My students think I'm strange because I use the words "communist," "red," and "pinko" pejoratively. They don't understand why I seem to be the only teacher on a quest to malign what some of their (history, no less) teachers call "a good system, at least in theory" while ignoring the events of the past century that were a predictable result of forced collectivism.

And not just the bad economics of forced collectivism, but the evil of forced imperialism: the Ukranians never asked to be one of the Soviet republics, so Stalin starved several million of them to death. He saw Polish army officers as a potential threat, so he had thousands of them murdered by his goons. And so on.

I don't want to minimize the Holocaust at all, but it seems to me that if you set it up as a separate, untouchable category, it loses its power to teach us something dark and important about humanity: that the impulse to eradicate one's perceived enemies, including those who could not have possibly committed any wrongs, runs deep within the human heart.

Stalin ordered to murder not only Polish army officers, but also teachers and clergy alongside (altogether groups that might have been called "inteligentsia"). BTW Russia keeps denying a legal status of genocide to those diabolic crimes.
Yet, I personally know intelligent, highly educated Poles murmuring something about this "good system, at least in theory". And each time it lefts me revolted and wondering what's in their heads.

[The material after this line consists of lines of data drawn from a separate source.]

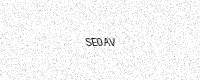
Text: SE0AV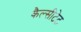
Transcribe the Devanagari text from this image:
कैल्सीटेट
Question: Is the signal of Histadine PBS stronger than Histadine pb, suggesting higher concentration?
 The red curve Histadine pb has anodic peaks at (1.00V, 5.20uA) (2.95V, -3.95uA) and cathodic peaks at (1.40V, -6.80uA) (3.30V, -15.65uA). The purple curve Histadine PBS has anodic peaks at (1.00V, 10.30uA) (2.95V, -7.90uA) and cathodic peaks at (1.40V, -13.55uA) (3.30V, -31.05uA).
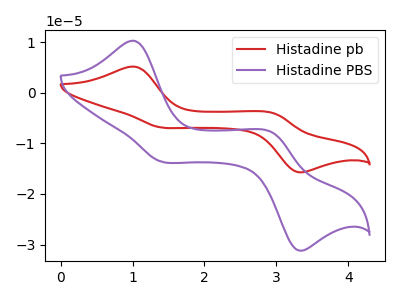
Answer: <think>All the peaks in "Histadine PBS" have a peak in "Histadine pb" at the same potential.
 </think>
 <answer>I cant tell if "Histadine PBS" or "Histadine pb" has higher concentration.</answer>
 <eval>mixed_concentration</eval>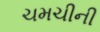
ચમચીની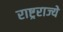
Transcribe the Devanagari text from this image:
राष्ट्रराज्ये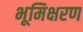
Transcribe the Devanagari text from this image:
भूमिक्षरण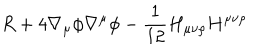
R + 4 \nabla _ { \mu } \phi \nabla ^ { \mu } \phi - { \frac { 1 } { 1 2 } } H _ { \mu \nu \rho } H ^ { \mu \nu \rho }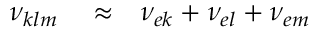
\begin{array} { r l r } { \nu _ { k l m } } & { { } \approx } & { \nu _ { e k } + \nu _ { e l } + \nu _ { e m } } \end{array}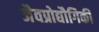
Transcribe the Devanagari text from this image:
जैवप्रोद्यौगिकी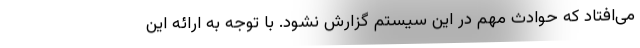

As for the question of the unique status of the Holocaust I refuse to visit any of its Museums until there are similar edifices build to commemorate such atrocities like Armenian genocide or aforementioned countless crimes of Stalin and Lenin, of which international community seems not to care at all. All that was said without any intent to minimize the Holocaust, either.

W.F. Buckley had the best explanation:
The communists killed people without regard to race or religion.

W.F. Buckley had the best explanation:
The communists killed people without regard to race or religion.

W.F. Buckley had the best explanation:
The communists killed people without regard to race or religion.

Thank you, Eric, for pointing out the obvious.

I'm almost retired from homeschooling - the youngest is now doing Gr 12.

Over the years, as I tried to teach a balanced view of history, I was constantly frustrated: while books and articles outlining Nazi atrocities were legion, similar literature portraying the evils of communism continue to be a challenge to locate.

Certainly I wanted the children to know that Hitler was an evil man. But I also wanted them to understand that Stalin, Mao, and their cronies were at least as bad.

BTW - how did Hitler end up as "right wing?"
National socialism is till socialism - as is atheistic communism. Call me slow, but I've never seen much difference between the two - except in our reaction to them.

You're right, Eric. This communist-chic stuff bugs me too.

I wonder if it will ever be chic to be right of center.....imagine what the US would like like then??!! (my christmas wish)

BTW - how did Hitler end up as "right wing?"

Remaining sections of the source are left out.